Müddessir suresi ayet 16
"Hayır, hayır! O ayetlerimize inatla karşı çıkıyor."
Ayetin orjinalinde geçen "kellâ" sözcüğü bir paylama, azarlama edatıdır. O gerçeği gösteren kanıtlara ve imana erdiren gerçeklere inatla karşı çıkmış, islam çağrısının önüne dikilmiş, Peygamber'e savaş açmış, kendini ve başlarını hak yoldan alıkoymuş, Kur'an ve islam hakkında asılsız iddialar ortaya atmıştır.
Müddessir suresi ayet 17
"Onu sarp bir yokuşa saracağım."
Burada hareket hâlinde sıkıntıyı donduran, somutlaştıran bir ifade ile karşı karşıyayız. Sebebine gelince yokuş çıkmak en sıkıntılı, en yorucu yolculuk türüdür. Bir de yokuş çıkmanın irade dışı bir itme ile yapıldığını düşünürsek çekilen sıkıntının ve duyulan yorgunluğun ne kadar artacağını kolayca kestirebiliriz. Bu ifade aynı zamanda somut bir gerçeği dile getirir. Çünkü düz, kolay ve iç açıcı iman yolundan ayrılan kimse sarp, sıkıntılı ve nefes kesici bir patikaya düşmüş olur; sürekli endişe, bunalım, gerilim ve baskı altında yaşar, sanki göğe tırmanıyor gibi nefesi tıkanır; susuz ve azıksız çıkılan bir yolculukta ıssız ve tehlikeli izlerde taban teper, üstelik yolunun sonunda varacağı bir amaç, kazanacağı bir huzur da göremez.
Müddessir suresi ayet 18
O düşündü ve değerlendirme yaptı.
Müddessir suresi ayet 19
Kahrolası, nasıl bir değerlendirme yaptı?
Müddessir suresi ayet 20
Bir daha kahrolası, nasıl bir değerlendirme yaptı?
Müddessir suresi ayet 21
Sonra baktı,
Müddessir suresi ayet 22
Sonra suratını astı ve kaşlarını çattı.
Müddessir suresi ayet 23
Sonra yüz çevirdi, büyüklük tasladı.
Müddessir suresi ayet 24
Ve dedi ki; "Bu Kur ân eskilerden aktarılan bir büyüdür.
Müddessir suresi ayet 25
O kesinlikle insan sözüdür."
Ardarda sıralanan jest ve mimik görüntüleri. Birbirini izleyen beyin dalgaları ve sıra sıra hareketler seriliyor gözlerimizin önüne, Sanki anlam sunan sözcükler karşısında değil de resim çizen bir fırça karşısında, daha doğrusu kare kare görüntü sunan hareketli bir film şeridi karşısındayız.

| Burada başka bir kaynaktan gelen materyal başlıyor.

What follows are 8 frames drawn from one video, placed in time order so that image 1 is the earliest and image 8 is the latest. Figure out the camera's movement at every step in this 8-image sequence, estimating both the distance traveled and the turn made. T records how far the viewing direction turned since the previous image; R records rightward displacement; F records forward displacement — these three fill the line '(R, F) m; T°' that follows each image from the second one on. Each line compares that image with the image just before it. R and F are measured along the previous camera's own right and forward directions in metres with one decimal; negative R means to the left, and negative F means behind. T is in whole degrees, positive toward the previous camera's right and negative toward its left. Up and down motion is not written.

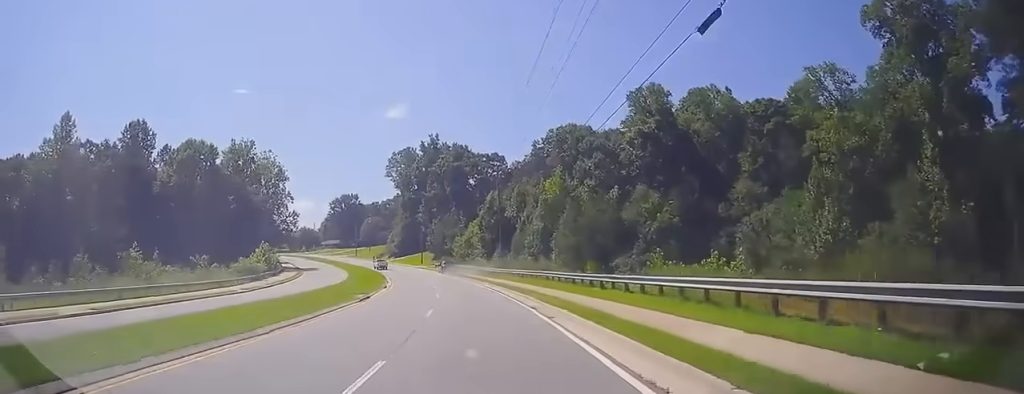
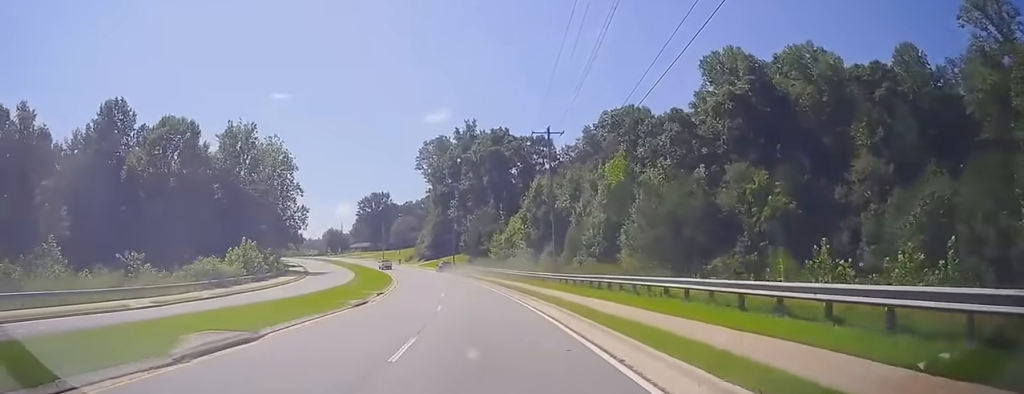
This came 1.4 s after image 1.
(-0.9, +19.4) m; -5°
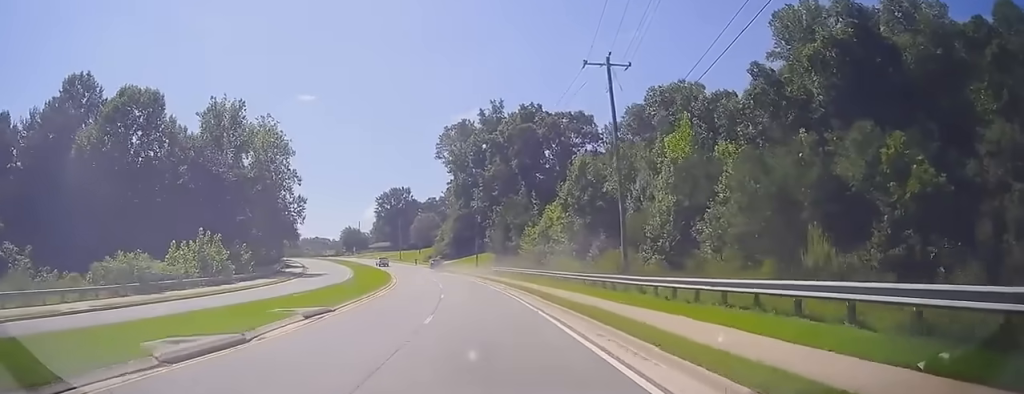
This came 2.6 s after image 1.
(-0.3, +17.3) m; -4°
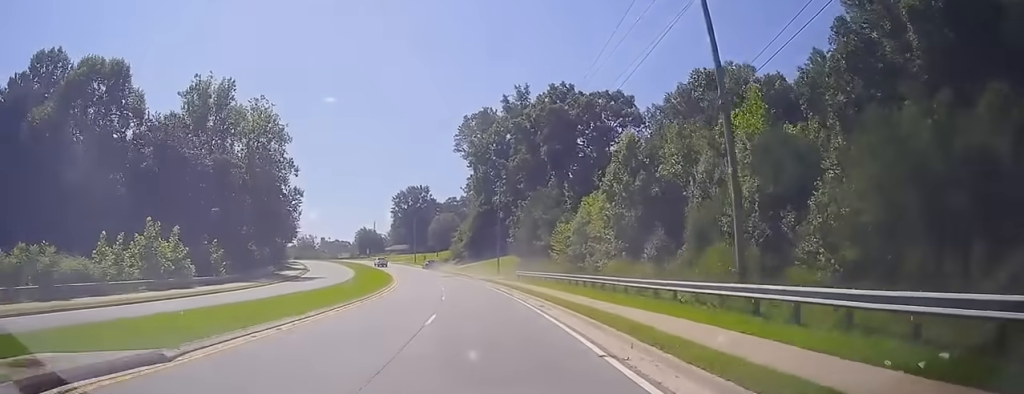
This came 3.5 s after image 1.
(-0.5, +13.0) m; -4°
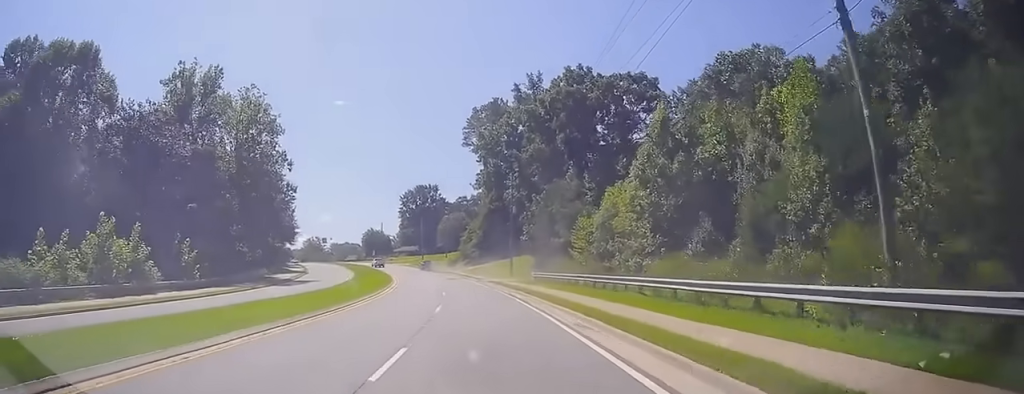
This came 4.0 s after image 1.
(-0.3, +8.1) m; 0°
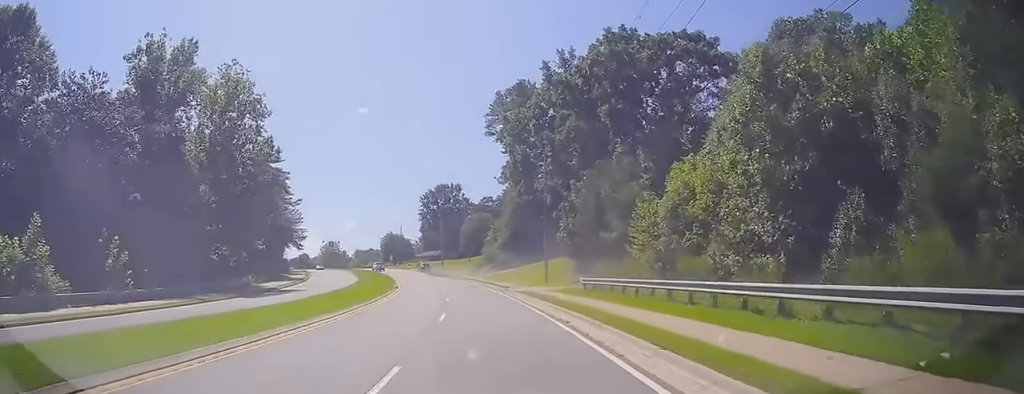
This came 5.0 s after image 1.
(0.0, +14.0) m; -2°
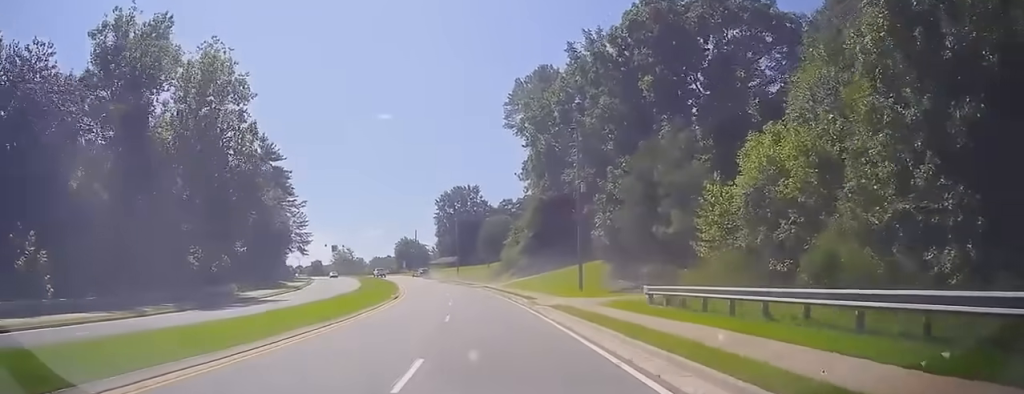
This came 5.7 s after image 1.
(+0.1, +10.3) m; -2°
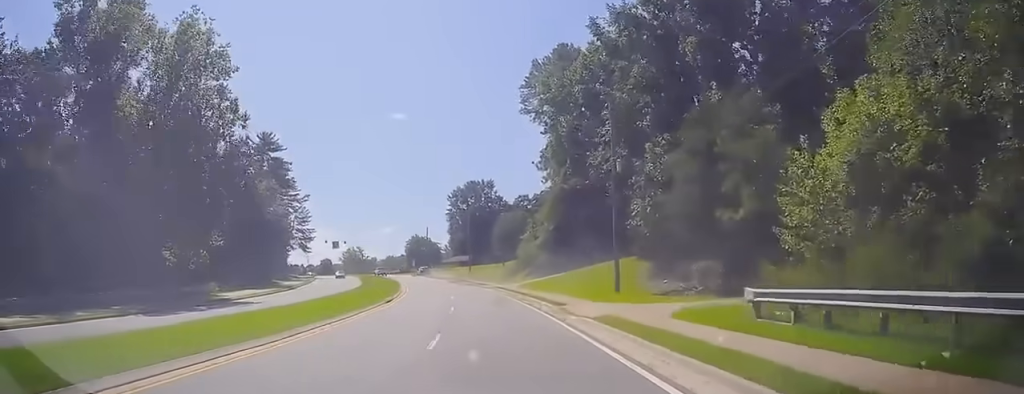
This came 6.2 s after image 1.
(-0.5, +7.6) m; -2°
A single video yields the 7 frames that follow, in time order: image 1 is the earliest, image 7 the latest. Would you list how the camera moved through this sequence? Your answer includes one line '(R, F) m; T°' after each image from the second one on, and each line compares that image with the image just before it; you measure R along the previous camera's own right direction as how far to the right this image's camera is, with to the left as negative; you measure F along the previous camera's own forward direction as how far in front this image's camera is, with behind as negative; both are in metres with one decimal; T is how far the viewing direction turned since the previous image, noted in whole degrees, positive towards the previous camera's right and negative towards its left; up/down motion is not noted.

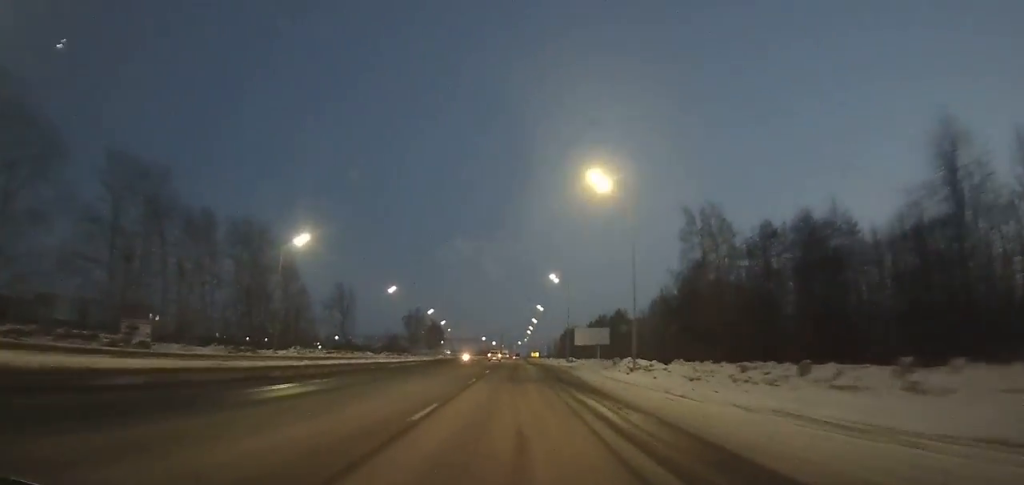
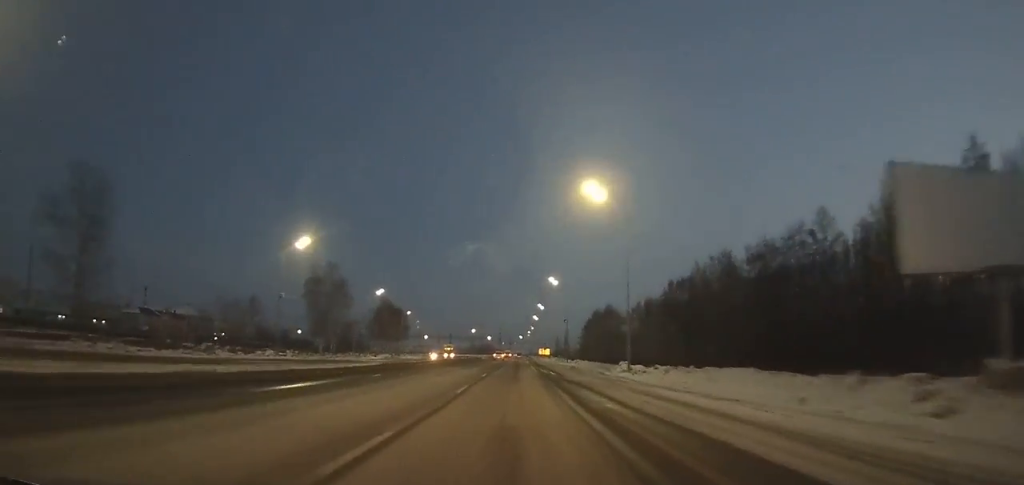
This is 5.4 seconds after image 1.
(+0.3, +90.5) m; 0°
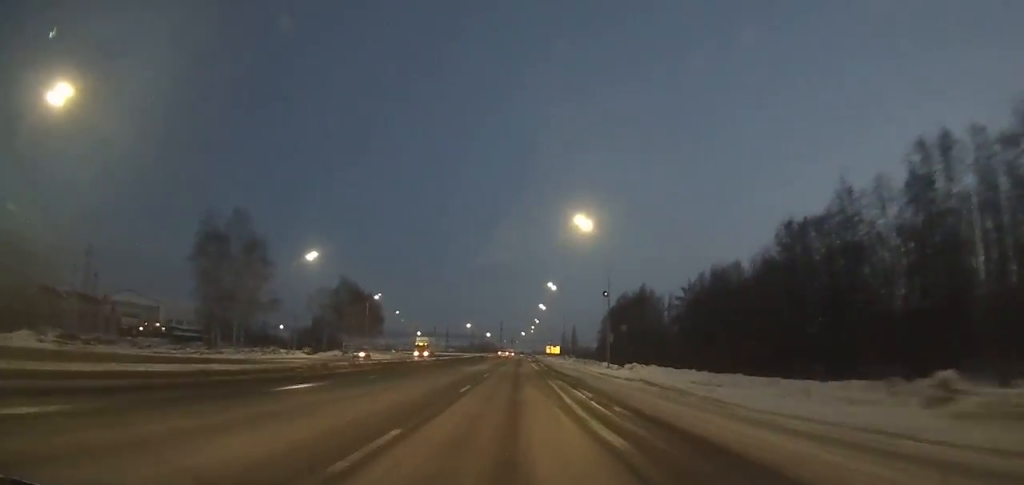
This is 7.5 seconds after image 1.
(0.0, +35.9) m; 0°
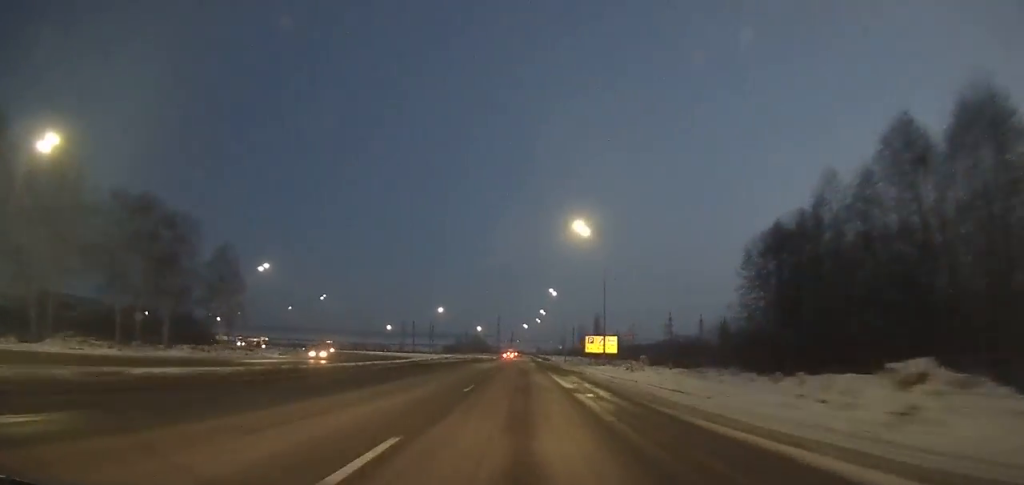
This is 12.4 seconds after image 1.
(-0.3, +84.1) m; 0°
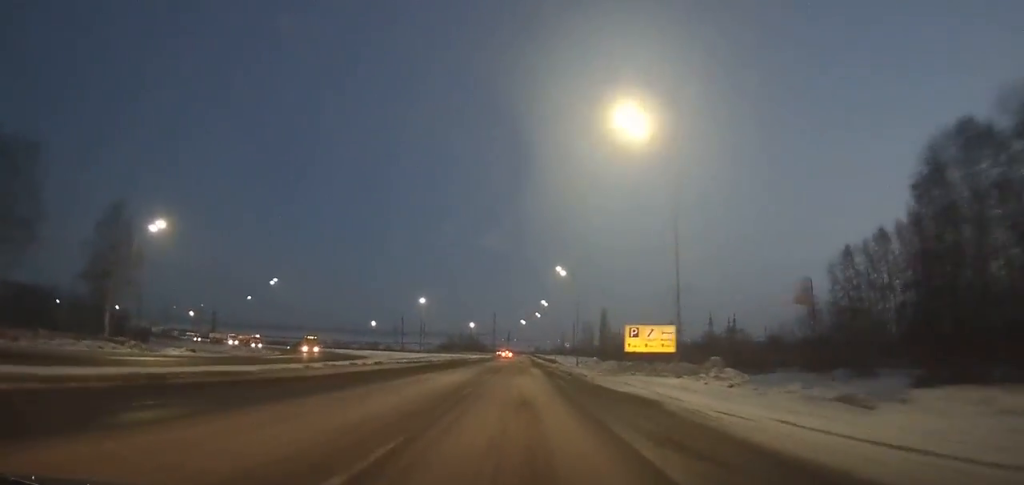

Karelerin birinde adam düşünüyor, kafa yoruyor. Bunun yanısıra hüküm ifade eden bir beddua ile karşılaşıyor; "Kahrolası" diye. Ayrıca "Nasıl bir değerlendirme yaptı?" denilerek davranışı yadırganıyor, alay bombardımanına tutuluyor. Sonra vurgulama, mesajı pekiştirme amacı ile bu beddua ve yadırgama tekrarlanıyor; "Bir daha kahrolası, nasıl bir değerlendirme yaptı?"
Başka bir karede adam yapmacık, zorlamalı, alaya aldıran, komiklik çağrısını yapan bir ciddiyetle şöyle şöyle bakıyor.
Bir diğer karede gülünç bir biçimde düşüncesini bir noktada yoğunlaştırmak amacı ile kaşlarını çatıyor, suratını asıyor.
Bütün bu komik çabalar, bütün bu maskaralıklar onu sağlıklı bir düşünceye erdiremiyor. Tersine adam ışığa sırt çevirerek ve gerçek karşısında büyüklük kompleksine yenik düşerek "Bu Kur'an eskilerden aktarılmış bir büyüdür. O kesinlikle insan sözüdür."
Müddessir suresi ayet 26
Onu ben, cehenneme sürükleyip-atacağım.